2.    Personal Data We Collect About You

We collect information to provide goods and/or services to you, to help improve your customer experience, and to support our business functions. We will only keep your personal information for as long as it is necessary for the purposes set out in this Privacy Notice, unless a longer retention period is required or permitted by law. We may collect the following categories of consumer personal data:

•    Identifiers: Information that identifies, relates to, describes, or is capable of being associated with, a particular individual such as name, signature, postal address, telephone or mobile number, fax number, and email address. 

•    Personal Information: Education, employment history, gender, and date of birth.

•    Financial Information: Account numbers and credit or debit card numbers. We will not process your financial information without obtaining your consent. 

•    Commercial Information: Transaction information, purchase history, financial details, and payment information. 

•    Internet or other electronic network activity information: Mobile device and online identifiers, Mac address, IP address, cookie IDs, browser activity, search history, operating system, language preferences, referring URLs, country, and  location, and information regarding your interaction with our website, mobile applications, advertisement and marketing materials, email communications, and text messages.

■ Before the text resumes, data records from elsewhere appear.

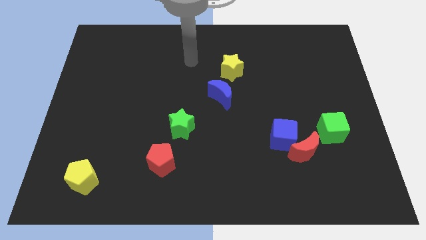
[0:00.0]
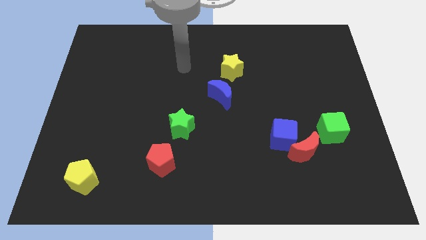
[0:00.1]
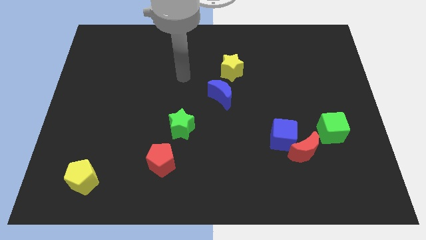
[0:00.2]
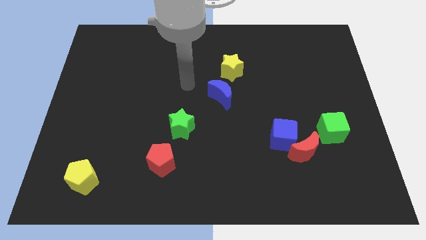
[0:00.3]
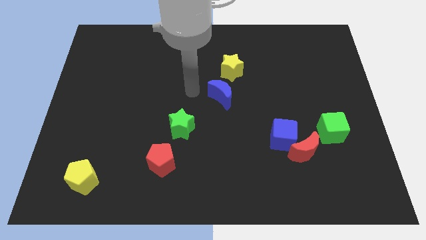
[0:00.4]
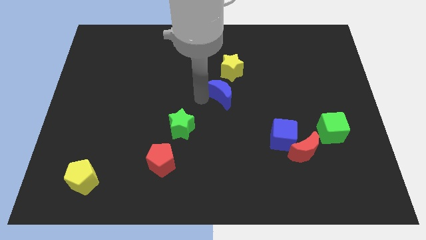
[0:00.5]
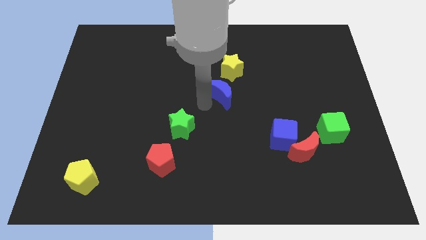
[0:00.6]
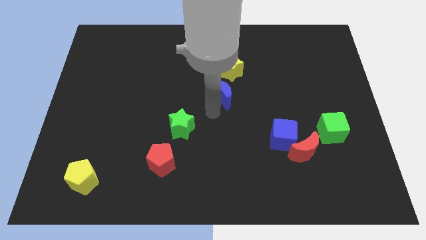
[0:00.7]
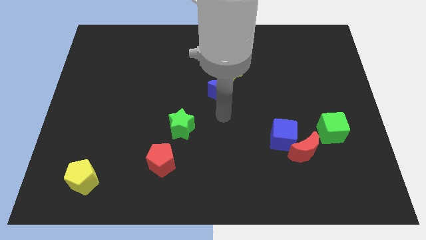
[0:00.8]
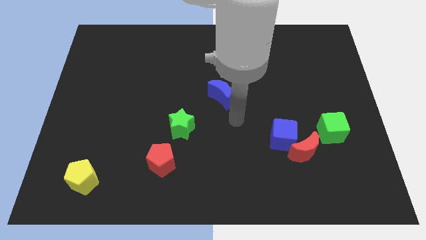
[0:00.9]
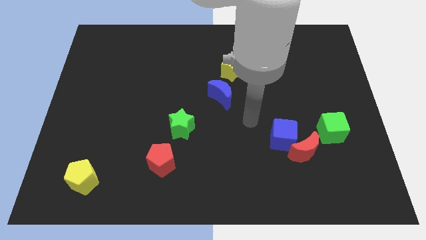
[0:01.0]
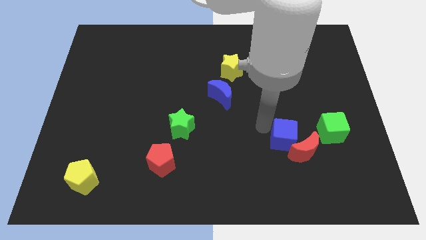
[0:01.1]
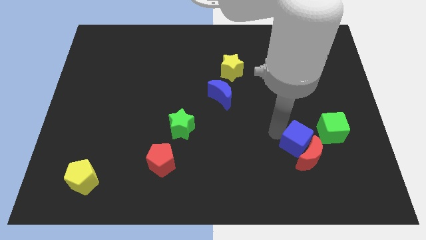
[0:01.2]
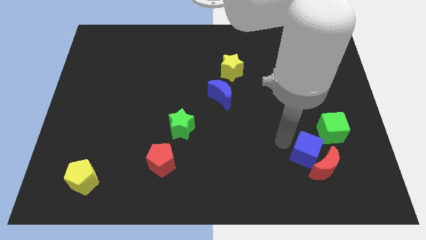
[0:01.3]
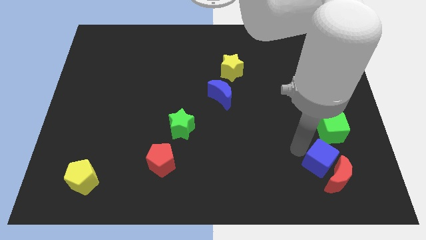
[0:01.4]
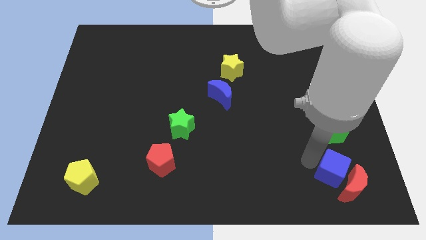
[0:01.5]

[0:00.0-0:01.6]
push the red moon to the bottom right of the board

•    Precise or imprecise geolocation data.

•    Information Collected from Other Sources: Information about you from public databases, joint marketing partners, affiliate programs, data providers, social media platforms, and information received from other third parties. This information includes mailing addresses, job titles, email addresses, phone numbers, intent data (or user behavior data), Internet Protocol (IP) addresses, social media profiles, social media URLs, and custom profiles, for purposes of targeted advertising and event promotion. If you interact with us on a social media platform using your social media account, including but not limited to Facebook, LinkedIn, and X), we may receive personal information about you such as your name, email address, and gender. 

•    Sensitive Personal Information: We will not process your Sensitive Personal Information without obtaining your consent. “Sensitive personal information” includes: social security information; drivers’ licenses; state ID cards; passport numbers; account login information; credit card numbers; financial account information, or credentials allowing access to such accounts; precise geolocation; racial or ethnic origin; religious or philosophical beliefs; union membership; the contents of email and text, unless the business is the intended recipient of the communication; genetic data; biometric data; health data; and data concerning sexual orientation and sex life.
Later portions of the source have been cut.